Washington has a tradition of limited tolling: build a new bridge, toll until it's paid for. Tolls were instituted on the first two Lake Washington bridges, Hood Canal too, and removed.

But policy makers have been moving toward more widespread tolling for some time. They want more funding for big projects, they'd like to penalize drivers and force them into transit or staying home, they'd like car and truck drivers to pay more of the true costs of maintaining the transportation system, they'd like something to replace the gas tax. It's a way to raise money, change behavior, and reduce congestion. It's a full embrace of tolling as part of social policy. 

In short, instead of tolling being like a ferry fare, it morphs into a ubiquitous, electronic revenue stream that begins to define broadly how we do things when we leave the house or apartment. Forget the toll-booth — that's a phantom of the past. Eventually, tolling would be on every major highway, even arterial. We go way down the road to become a user-fee society.

That's very much the opposite of the income tax model, which asks people to pay in proportion to their wealth. It also cuts into the notion of commonwealth. You don't pay a little something to benefit everyone, you pay what benefits you. In this way, tolling is a kind of libertarian slippery slope: she who pays, gets; she who can't pay makes other plans, or gets a little more broke. This wouldn't be as big a problem if public transportation worked, but alas, it's facing major cutbacks.

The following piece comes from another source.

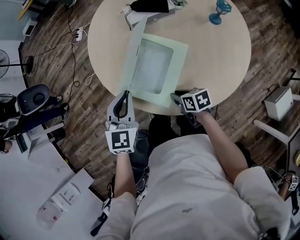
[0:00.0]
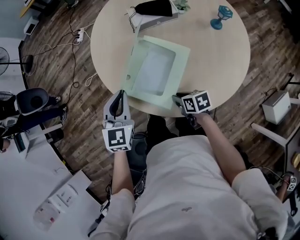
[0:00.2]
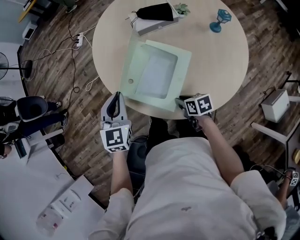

Of course there are good arguments for limited and even widespread tolling. But the public has not sufficiently been prepared to accept it: The groundwork has not been laid to achieve public buy-in, at least if the polls are correct. Tolls are still seen as another tax increase, another hassle, another way to fleece us for over-built, too costly transportation projects that seemed to be planned for futures that don't exist. Take 520, for example: A recent Sightline analysis shows that the Washington Department of Transportation has been wrong for a decade about increased traffic on the bridge. Why is it going to six lanes when traffic is flat or declining?

This gets at the issue of trust, as with the income tax. The income tax was defeated in part because opponents successfully argued that you might start by taxing the rich, but soon tax levels would sink and snatch the rest of us. And no one really believed that any existing taxes, like sales or property or B&O, would go down to compensate. Taxes always seem to defy Newton's laws. 

So there is resistance to tolls for practical reasons, but also because there is skepticism about how they will be used. Eyman's initiative wants to limit tolls to the facilities that are tolled so they won't slowly become a general tax for other purposes. It's true that tolling authorities elsewhere have sometimes used toll revenues for other things. New York City's Robert Moses, much of whose power rose from his iron-clasp on tolling revenues, was able to help fund things like an unsanctioned and unprofitable world's fair with tolls from unrelated projects. In California, road tolls have been proposed to fund local schools.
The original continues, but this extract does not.